O cadáver de Otzi, como o homem foi apelidado, foi conservado pelo gelo dos Alpes e continha 61 tatuagens. Nenhuma delas com a estampa de rostos de personagens ou celebridades daquela época. A descoberta, no entanto, nunca chocou o mundo.

Isso porque a arte de tatuar já é conhecida com histórica em vários povos de todo canto do planeta. Se analisarmos esse contexto, é possível notar que esses desenhos continham utilidades, símbolos e métodos. No caso de Otzi há uma curiosidade ainda maior nisso.

O que significavam as tatuagens de Otzi

Atualmente, acredita-se que as tatuagens de Otzi eram terapêuticas para doenças como artrose ou males do intestino. Talvez isso fosse mais importante do que a simbologia dos traços. Afinal, foram feitas em regiões que coincidem com os pontos de acupuntura.

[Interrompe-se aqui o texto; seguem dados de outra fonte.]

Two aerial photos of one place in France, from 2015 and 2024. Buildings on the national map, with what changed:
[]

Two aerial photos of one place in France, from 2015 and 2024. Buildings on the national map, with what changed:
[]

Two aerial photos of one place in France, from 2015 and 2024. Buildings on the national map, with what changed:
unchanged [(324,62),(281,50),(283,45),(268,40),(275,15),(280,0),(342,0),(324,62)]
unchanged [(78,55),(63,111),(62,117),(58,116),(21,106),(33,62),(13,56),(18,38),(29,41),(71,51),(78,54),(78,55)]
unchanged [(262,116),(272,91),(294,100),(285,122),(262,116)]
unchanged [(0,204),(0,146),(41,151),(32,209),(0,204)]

Aí dá para traçar esse relato e estudo com o fato de que muitos povos indígenas costumam fazer o tratamento de doenças através das tatuagens. Hoje, é bem difícil estudar isso porque a devastação cultural levou muitas tribos e culturas embora, levando junto a arte corporal.

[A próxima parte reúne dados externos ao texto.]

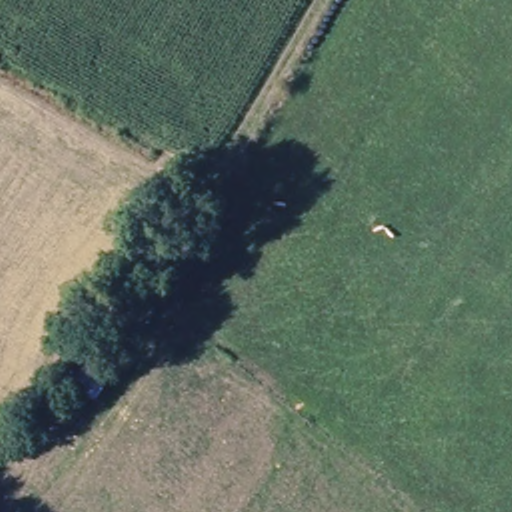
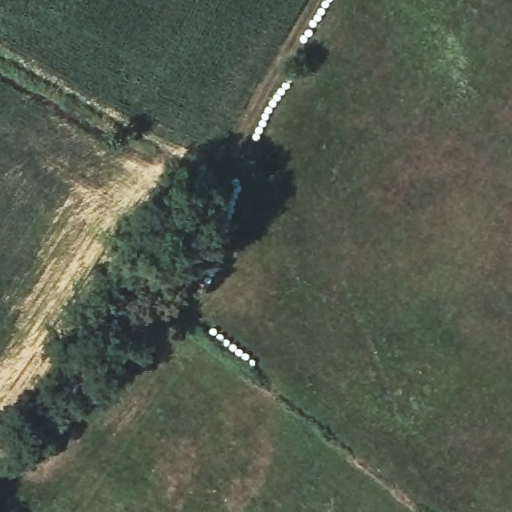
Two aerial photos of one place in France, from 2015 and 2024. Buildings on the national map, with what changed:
unchanged [(133,360),(97,412),(64,393),(105,340),(133,360)]

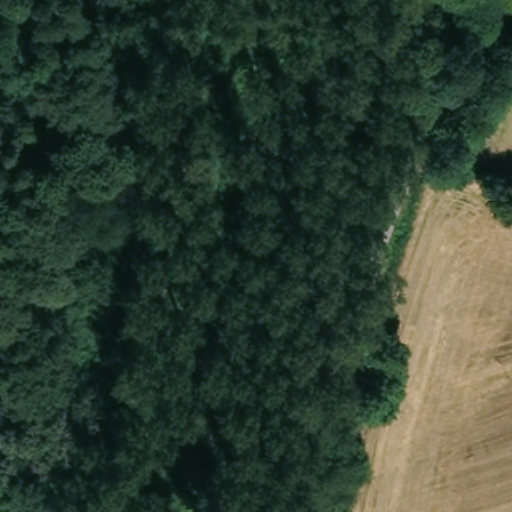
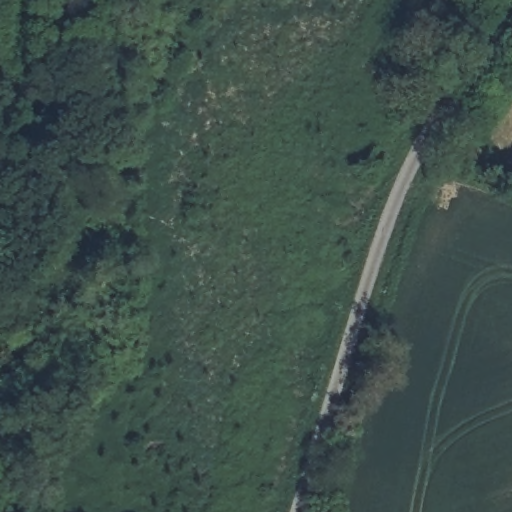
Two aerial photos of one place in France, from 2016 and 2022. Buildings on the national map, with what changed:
[]

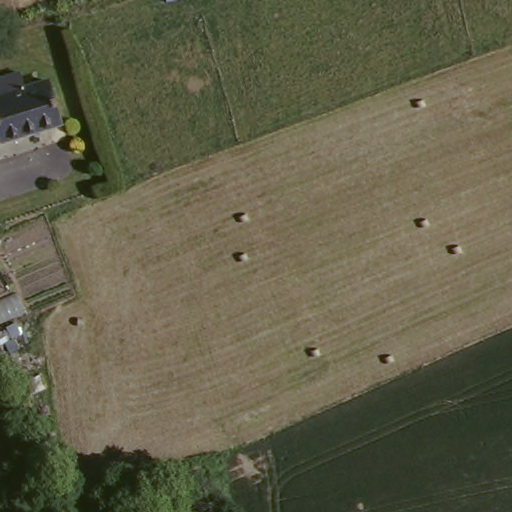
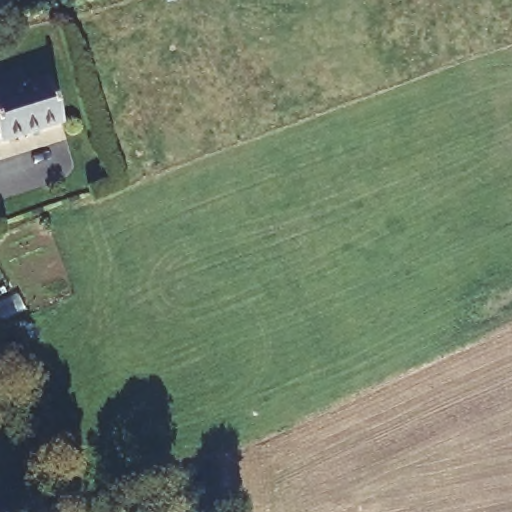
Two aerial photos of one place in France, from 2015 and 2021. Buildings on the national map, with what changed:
unchanged [(0,141),(0,79),(17,74),(22,87),(46,80),(61,125),(1,145),(0,141)]

O lado bom é que algumas tribos com suas tatuagens ancestrais foram encontradas mais tarde através de vários meios. Como por exemplo, a descoberta de práticas antigas, o que acabou resistindo ao tempo e se tornando objetos de estudo moderno. 

A tatuagem Inuit

A tatuagem Inuit é um exemplo de tatuagem ancestral. Ela vem do povo Inuit, que ficava no extremo norte do Canadá. Com o Cristianismo, a arte foi banida por ter sido considerada profana: “não cortem seus corpos para os mortos ou coloque marcas tatuas na pele”.

Tatuagens Ancestrais – Saiba o que são e veja exemplos
Foto: (reprodução/internet)

Foi esse tipo de frase bíblica que selou a proibição dessa prática. Com isso, a pausa na arte de desenhar no corpo permaneceu por mais de 100 anos. Nesse povo, além de ser usada para tratar doenças, a tatuagem também era uma forma de embelezar o corpo e o rosto feminino.

Atualmente, os Inuits começaram a resgatar o costume ancestral, a partir de anciãos de comunidades que estão dispostos a falar do assunto e dos rituais por trás das tatuagens. Alguns até falam em tabu e dizem que vão resgatar a prática.

A tatuagem Kayabi

Kayabi é um povo indígena da América do Sul e está entre os maiores tatuadores do mundo. No entanto, da mesma forma que aconteceu com os Inuits, eles não mantiveram os costumes porque a maior parte das tribos foram extintas com ataques genocidas.

Nesse caso, também há uma boa notícia: existe o Parque Indígena do Xingu, que são formados pelos Kayabis, que se identificam como membros da tribo. Para eles, a tatuagem no rosto é um tipo de marca tribal, ou seja, para identificar os membros de cada tribo. 

Isso representa a luta por sobrevivência que, por um fio, se manteve na tradição indígena Kayabi. Um membro da tribo aprendeu a arte e conseguiu compilar um diretório de nomes para os anciãos da tribo, que começaram a tatuar meninos e meninas.

A tatuagem Viking

De um modo ou de outro, se é para falar de tatuagens ancestrais, em algum momento, a gente tocaria na pauta dos vikings. Existem algumas provas que citam as tatuagens como marca da cultura desse povo. Especialmente, dos membros do povo Rus, que eram comerciantes.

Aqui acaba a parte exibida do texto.